The jury determined Commercial acted in bad faith and awarded
$115,000 in punitive damages. The circuit court granted Kottke’s request for attorney fees, costs and expenses exceeding $80,000, and interest on the verdict exceeding $8,000. Commercial now appeals. ¶10 First, Commercial argues the circuit court erred in excluding the Commercial insists that
testimony of Stonehocker during the bad faith trial.

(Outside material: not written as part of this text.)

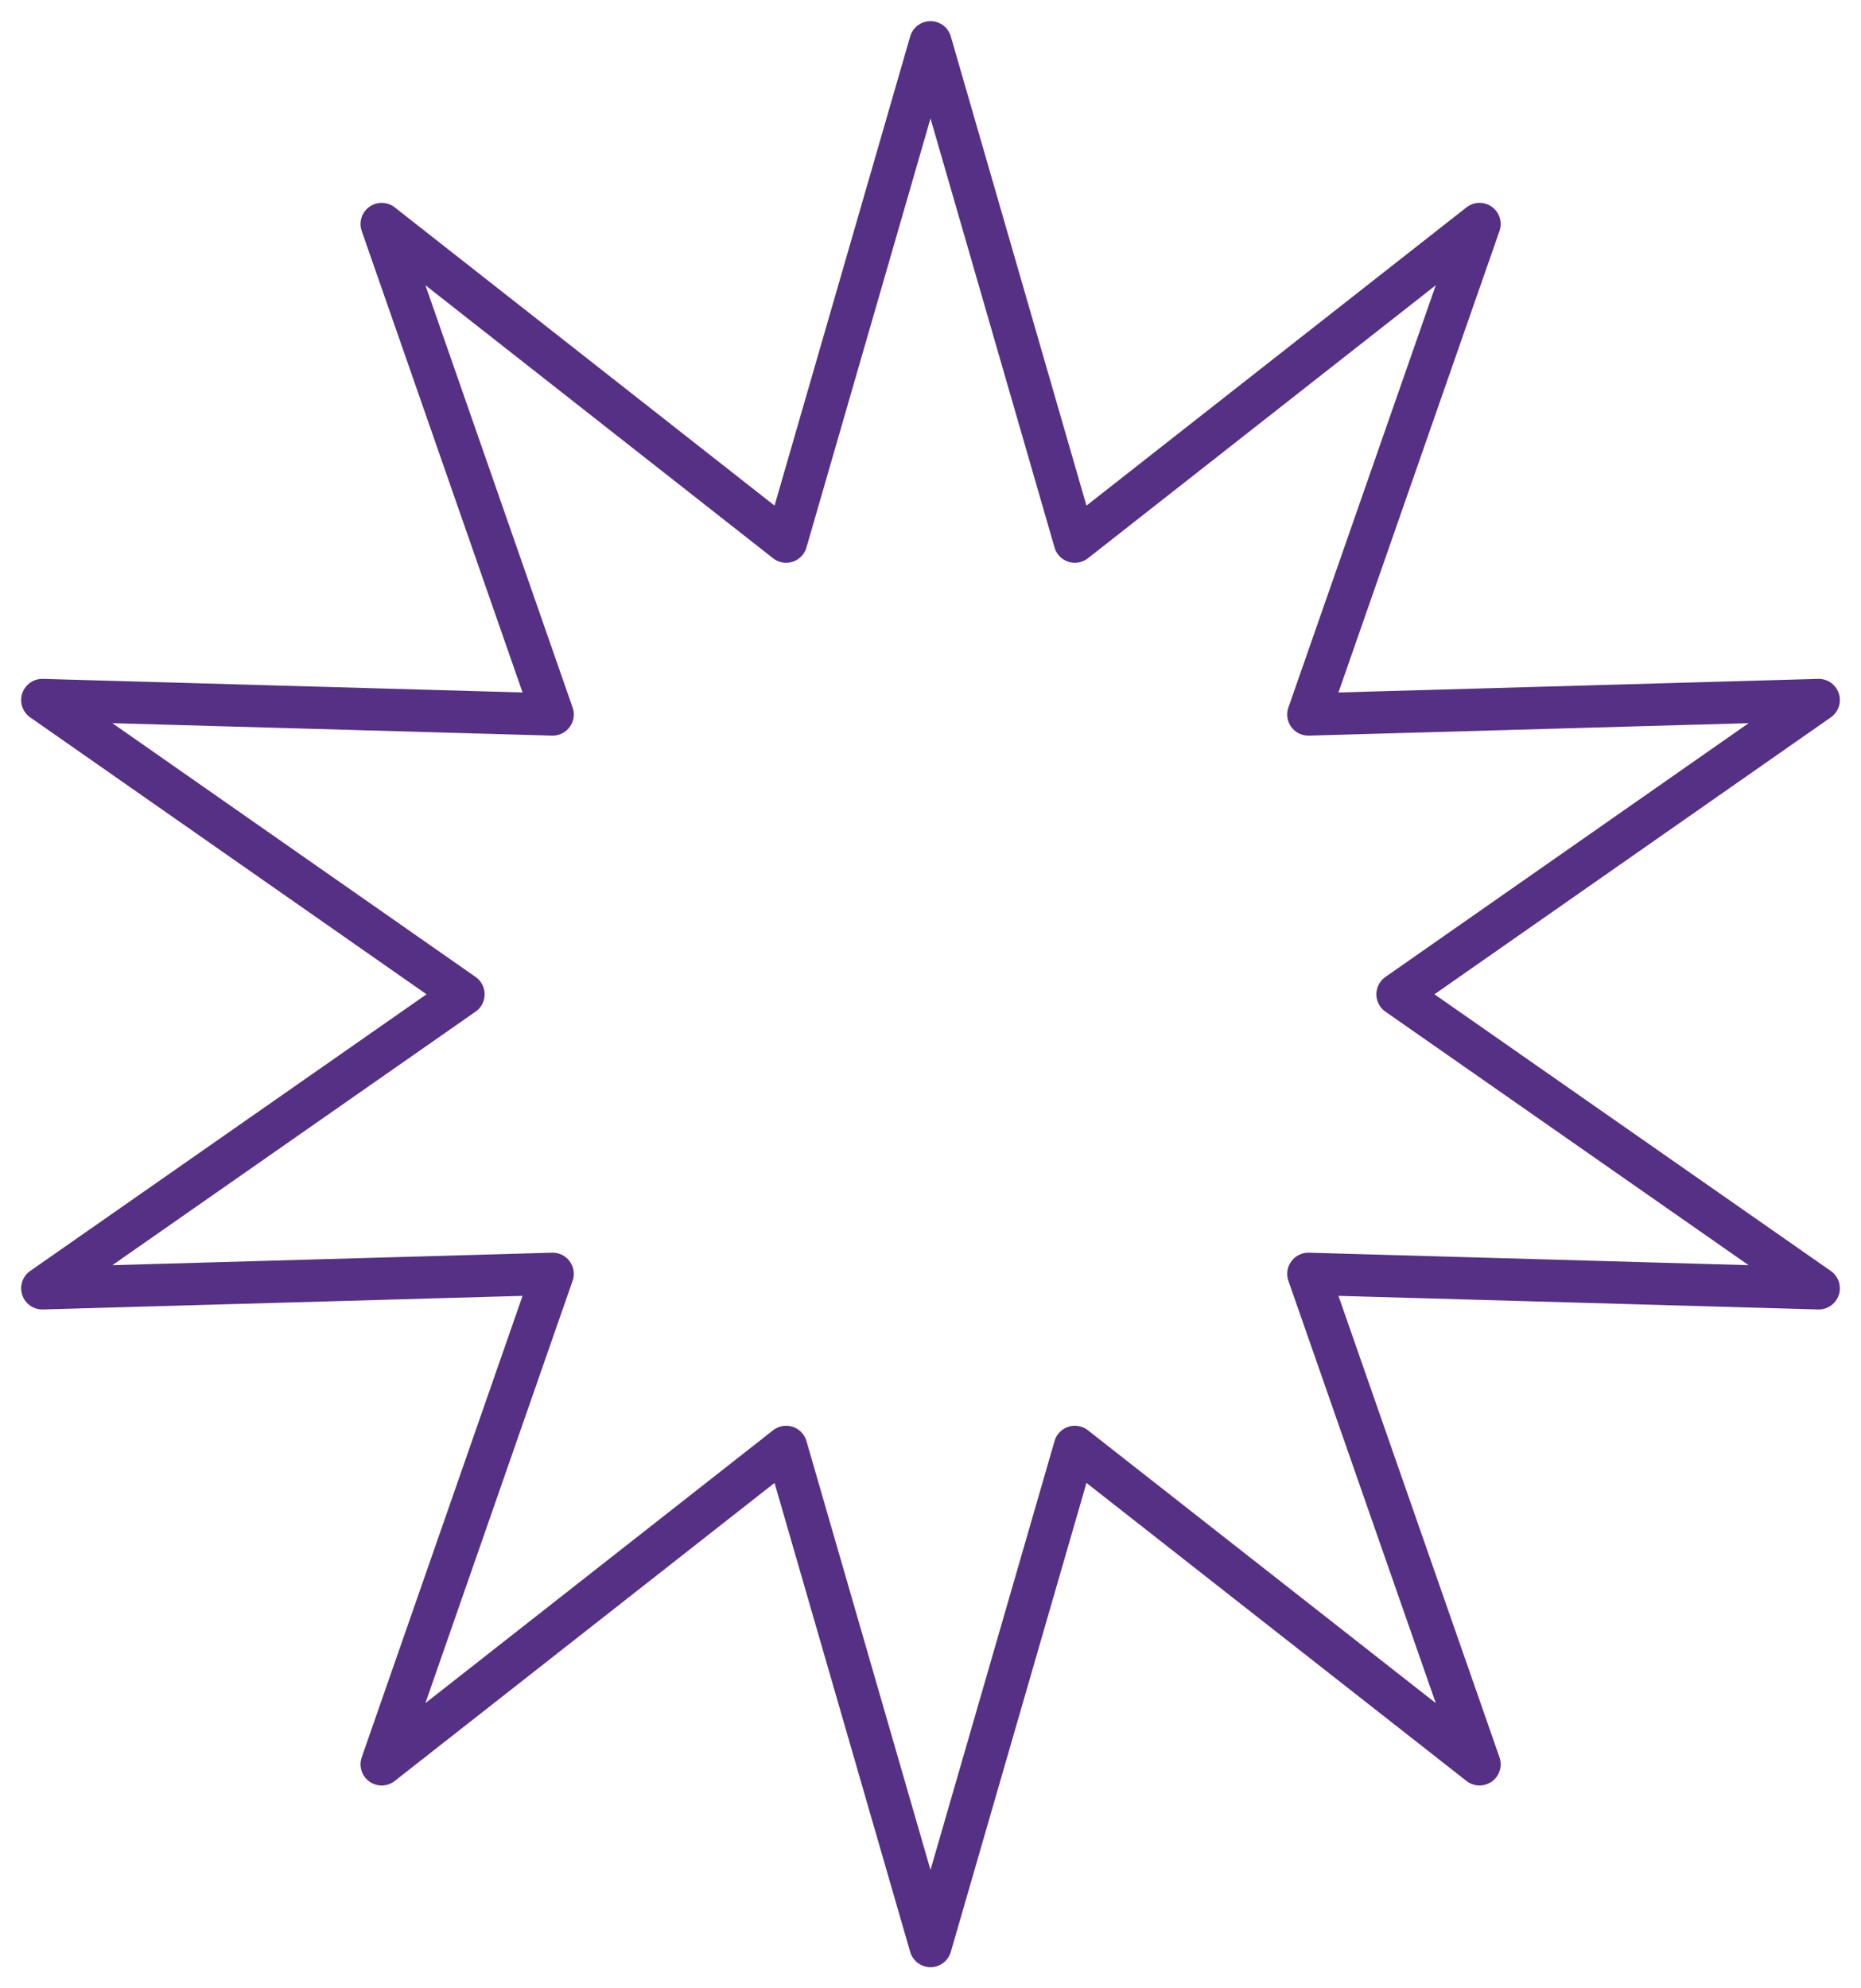 <?xml version="1.0" encoding="utf-8"?>
<svg xmlns="http://www.w3.org/2000/svg" fill="none" height="100%" overflow="visible" preserveAspectRatio="none" style="display: block;" viewBox="0 0 44 47" width="100%">
<path d="M10.958 23.503L1 16.547L13.066 16.889L9.024 5.295L18.587 12.803L22 1L25.413 12.803L34.981 5.295L30.934 16.889L43 16.547L33.042 23.503L43 30.453L30.934 30.111L34.981 41.705L25.413 34.202L22 46L18.587 34.202L9.024 41.705L13.066 30.111L1 30.453L10.958 23.503Z" id="Vector" stroke="#553085" stroke-linejoin="round"/>
</svg>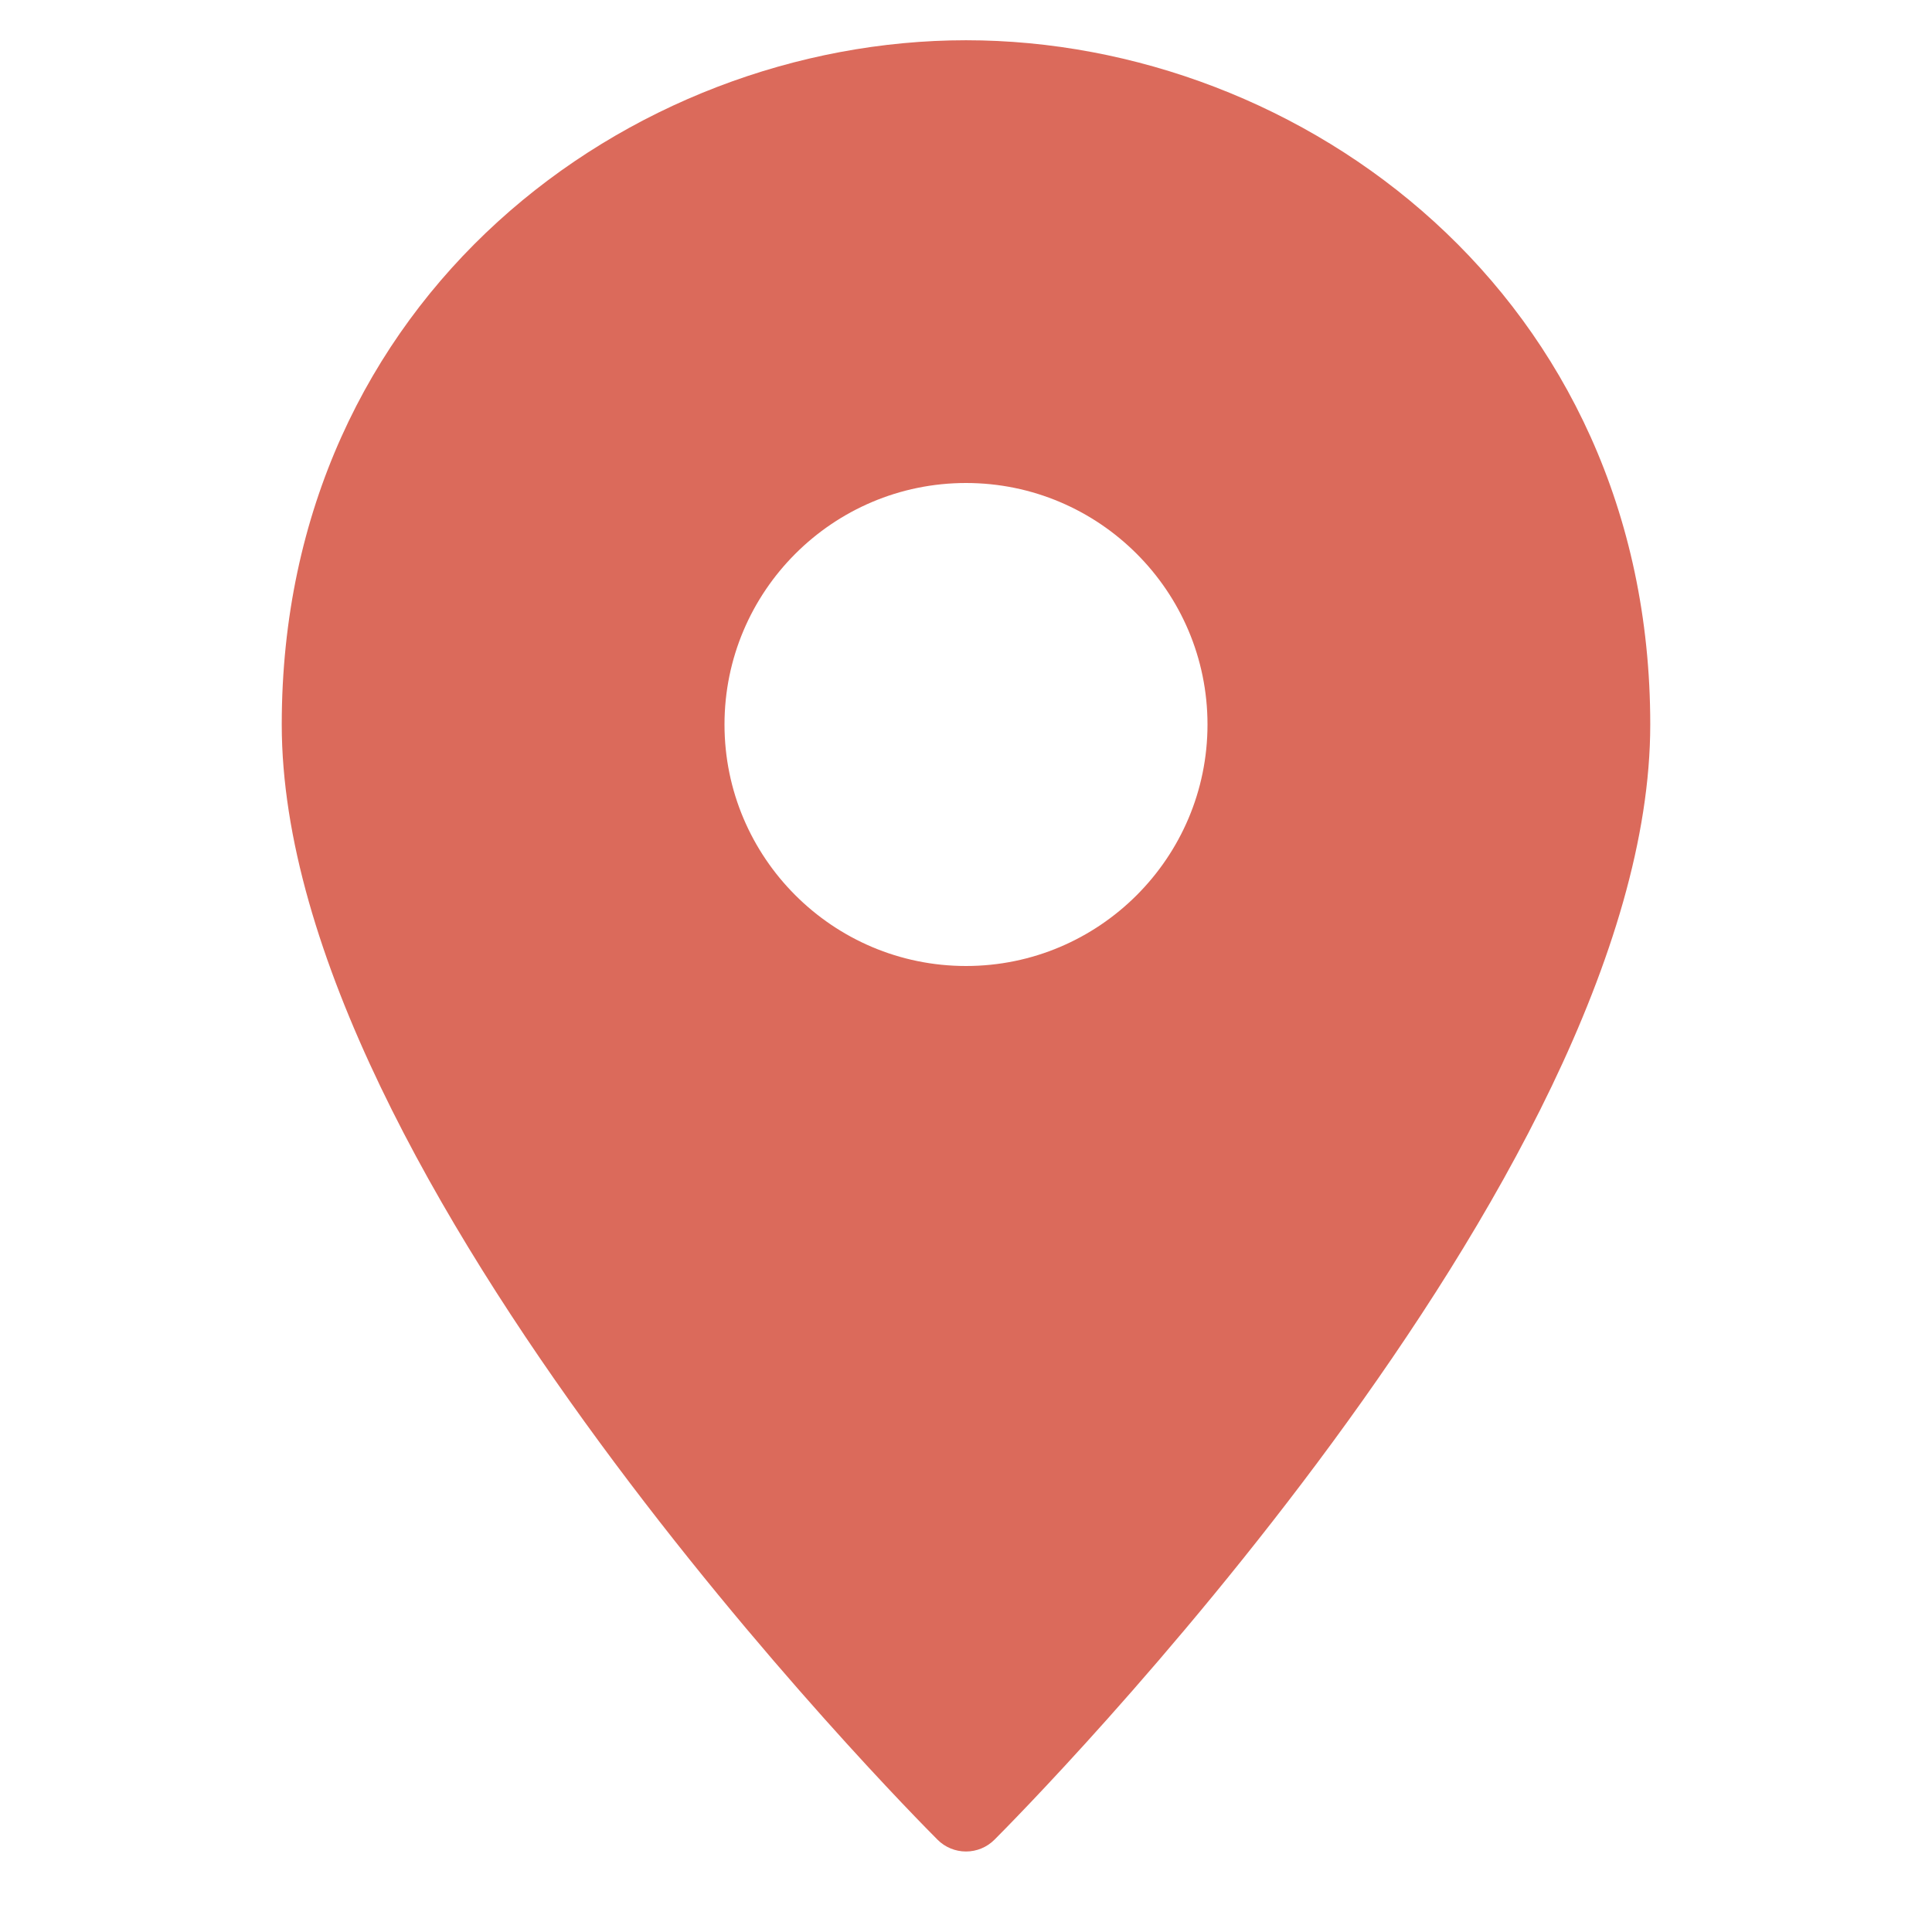 <svg xmlns="http://www.w3.org/2000/svg" width="48" height="48" viewBox="0 0 48 48"><g class="nc-icon-wrapper" fill="#db6a5b"><path fill="#db6a5b" d="M24,1C15.644,1,7,7.359,7,18c0,11.285,15.627,27.042,16.293,27.707C23.48,45.895,23.735,46,24,46 s0.52-0.105,0.707-0.293C25.373,45.042,41,29.285,41,18C41,7.359,32.356,1,24,1z M24,24c-3.309,0-6-2.691-6-6s2.691-6,6-6 s6,2.691,6,6S27.309,24,24,24z"></path></g></svg>

Stonehocker was prepared to offer opinions that the damage claims were debatable. Commercial insists it disclosed Stonehocker as an expert witness “long before the trial.” Commercial also notes that no pretrial order limited the scope of an expert’s testimony. ¶11 Whether to permit the testimony of a witness is generally within the
discretion of the circuit court. Milwaukee Rescue Mission, Inc. v. Milwaukee Redev. Auth., 161 Wis. 2d 472, 490, 468 N.W.2d 663 (1991). Here, the court concluded the parties had “implicitly acknowledged that their conduct with regard to discovery and disclosure issues would be governed by a test of reasonableness.” The court acknowledged that Stonehocker was identified earlier in the proceedings, but also noted that Stonehocker testified in the first trial as to the appraisals and the damages as he examined them. The court stated that it would not allow Stonehocker to testify as to the bad faith issues:
If he expresses any opinions in that respect, I think that is significantly separate and distinct from what he may have testified to at the earlier phase of these proceedings, and I see nothing in any of the records or any of this presentation to this Court to suggest that Mr. Konz was ever alerted to the fact that Mr. Stonehocker was—would be used in the manner suggested, in the manner that he would be used today.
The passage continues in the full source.